State v. Huber, 07-Ca-122 (4-3-2009)

2009 Ohio 1637
CourtOhio Court of Appeals
DecidedApril 3, 2009
DocketNo. 07-CA-122.
StatusPublished
Cited by2 cases

This text of 2009 Ohio 1637 (State v. Huber, 07-Ca-122 (4-3-2009)) is published on Counsel Stack Legal Research, covering Ohio Court of Appeals primary law. Counsel Stack provides free access to over 12 million legal documents including statutes, case law, regulations, and constitutions.

Bluebook
State v. Huber, 07-Ca-122 (4-3-2009), 2009 Ohio 1637 (Ohio Ct. App. 2009).

Opinion

OPINION
{¶ 1} On March 7, 2006, Joseph W. Huber (Appellant) was as caught with a suitcase brimming with thousands of narcotic pain-reliever and analgesic tablets-methadone, hydrocodone, oxycodone, fentanyl patches, and acetaminophen with codeine. He was convicted on five counts of controlled substance possession in back-to-back *Page 2 trials (Huber I, No. 06-CR-509, and Huber II, No. 06-CR-674). The prosecutor's misidentification of the fentanyl patches in the original indictment required the state to reindict Mr. Huber, prompting the second trial three months later. The two trials spawned two appeals (this one and State v. Huber, Clark App. No. 07-CA-88), which we declined to consolidate.

{¶ 2} This is the appeal from the second trial, Huber II, where the jury found him guilty on one count of possessing fentanyl patches, and the trial court sentenced him to an eight-year prison term, running concurrent to the sentence in Huber I. Mr. Huber assigns seven errors, which we will address out of order.

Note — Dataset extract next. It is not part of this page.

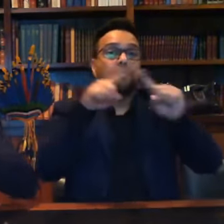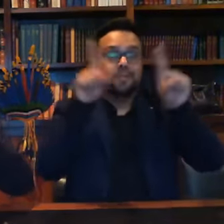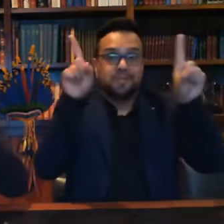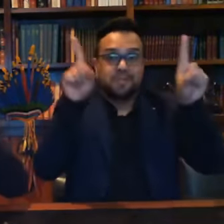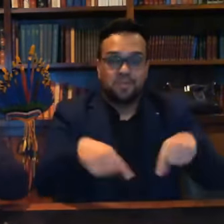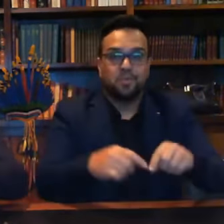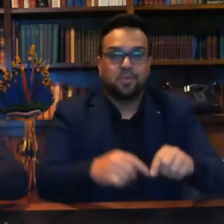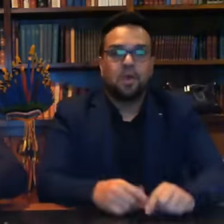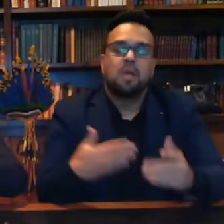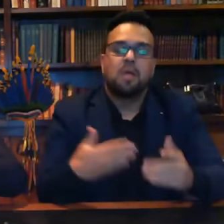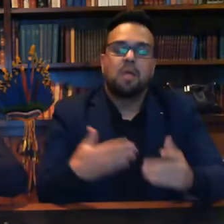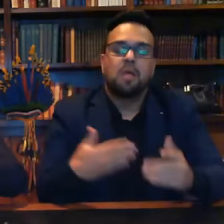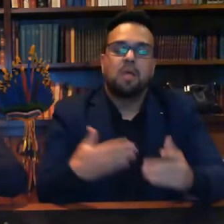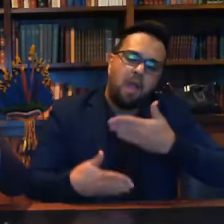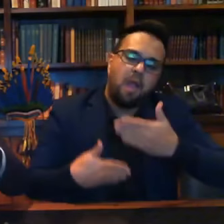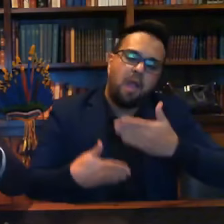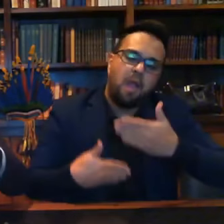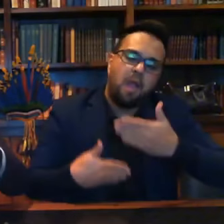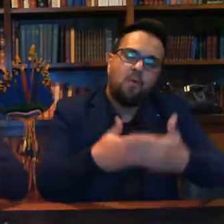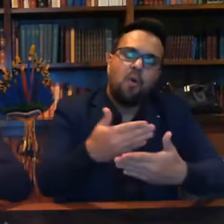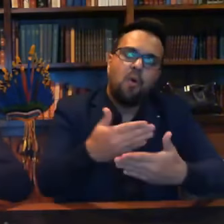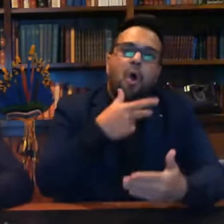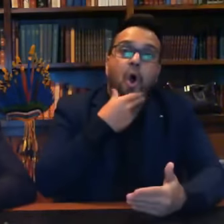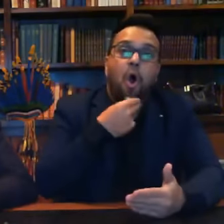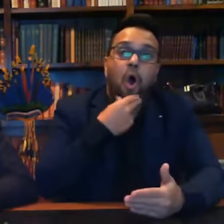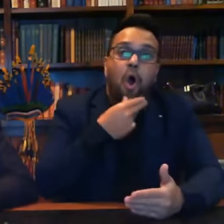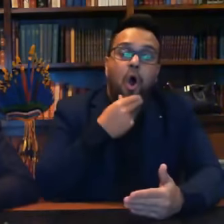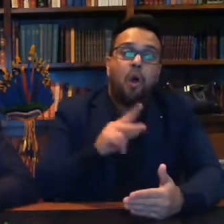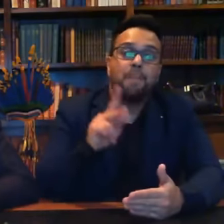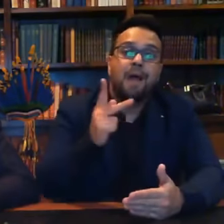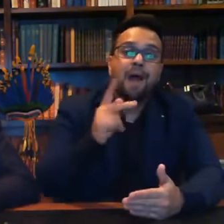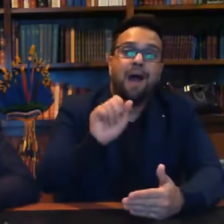o tempo foi passando, ele ficava lá, pra lá, pra cá,

{¶ 3} The second assignment of error alleges, like the first assignment of error in Huber I, the trial court erred by overruling his motion to suppress evidence. He reiterates his contention that the officer's search of the suitcase violated his Fourth Amendment rights because it was done without a warrant and failed to satisfy an exception to the warrant requirement. The trial court summarily overruled the motion, finding it identical to the motion filed in Huber I, which had already been addressed, and finding the motion here was filed untimely. In our review of the appeal from Huber I, we affirmed the constitutionality of the search, and as Mr. Huber presented the trial court with nothing new to consider, we will adhere to our decision there. Still, to set the stage, we will quote our statement of the facts and our conclusion.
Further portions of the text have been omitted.